The substitution method is a key technique in calculus, particularly useful for evaluating integrals of composite functions. This involves changing the variable of integration to simplify the integrand.
In the given exercise, we start with the substitution \( u = 2t + 1 \). By choosing this substitution, we simplify the expression \( \frac{5}{\sqrt{2t+1}} \). The reason substitution is advantageous is because it helps convert a complex function into a simpler form.

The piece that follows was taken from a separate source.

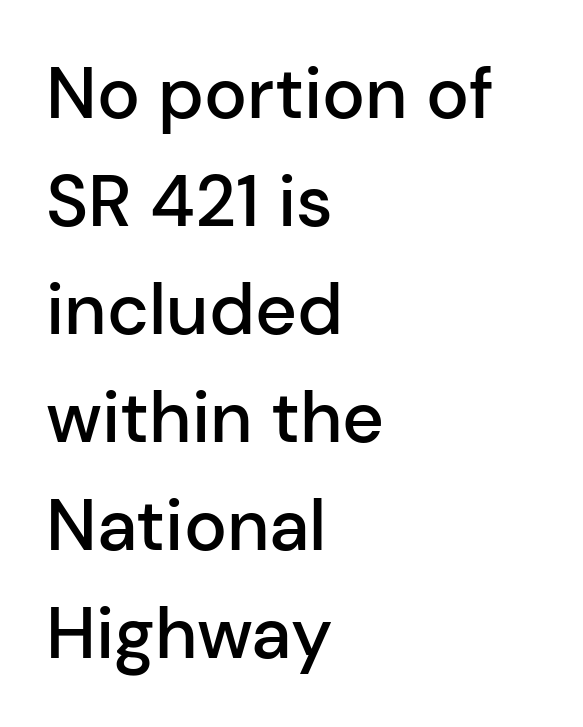
Does the weight exceed regular? Yes, but only to semibold. All the whitespace from short lines collects on the right. Is the letter spacing exaggerated? No — it looks like the ordinary default. The rendering uses a moderate line-height, typical for paragraphs. Nope, not italic — everything's standing straight.

• First, calculate the derivative: \( du = 2 \, dt \).
• Rearrange to express \( dt \) in terms of \( du \): \( dt = \frac{1}{2} \, du \).

When changing variables, it's also necessary to update the limits of integration. Initially given as \( t = 0 \) to \( t = 4 \), these need to change to \( u \) limits with the substitution:

• When \( t=0 \), \( u = 2(0) + 1 = 1 \).
• When \( t=4 \), \( u = 2(4) + 1 = 9 \).
With these new limits, the integral becomes easier to manage and can be solved in terms of \( u \) instead of \( t \).

Power Rule for Integration

The power rule for integration is one of the fundamental techniques used to find antiderivatives of power functions. This rule states that for any real number \( n eq -1 \), \( \int x^n \, dx = \frac{x^{n+1}}{n+1} + C \).
Applying this rule in the context of our problem, we integrate the function \( u^{-\frac{1}{2}} \), intending to simplify it for evaluation. The exponent here is \( n = -\frac{1}{2} \). According to the power rule:

• \( \int u^{-\frac{1}{2}} \, du = \frac{u^{\frac{1}{2}}}{\frac{1}{2}} \).
• This simplifies to \( 2u^{\frac{1}{2}} \).

Now, our integral becomes \( \frac{5}{2} \times 2u^{\frac{1}{2}} = 5u^{\frac{1}{2}} \). This computes the antiderivative of the simplified integrand, making it ready for the final step of evaluation.

Changing Limits of Integration

Changing the limits of integration is essential when you substitute variables in a definite integral. This step ensures that the resulting integral remains accurate with the new variable.
Initially, the integral for \( t \) from 0 to 4 was transformed into an integral for \( u \).
As derived:

• When \( t = 0 \), \( u = 1 \).
• When \( t = 4 \), \( u = 9 \).

These new limits, \( u = 1 \) to \( u = 9 \), become crucial since they dictate the portion of the function that the integral computes over. After the power rule was applied, we are left with: \( 5u^{\frac{1}{2}} \). The final step is evaluating this expression using these changed limits:

• Calculate \( 5 \times [ 9^{\frac{1}{2}} - 1^{\frac{1}{2}} ] \).
• Since \( 9^{\frac{1}{2}} = 3 \) and \( 1^{\frac{1}{2}} = 1 \), we have: \( 5(3-1) = 10 \).

Thus, the correct computation hinges on using the adapted limits from the substitution method, concluding the evaluation of the integral.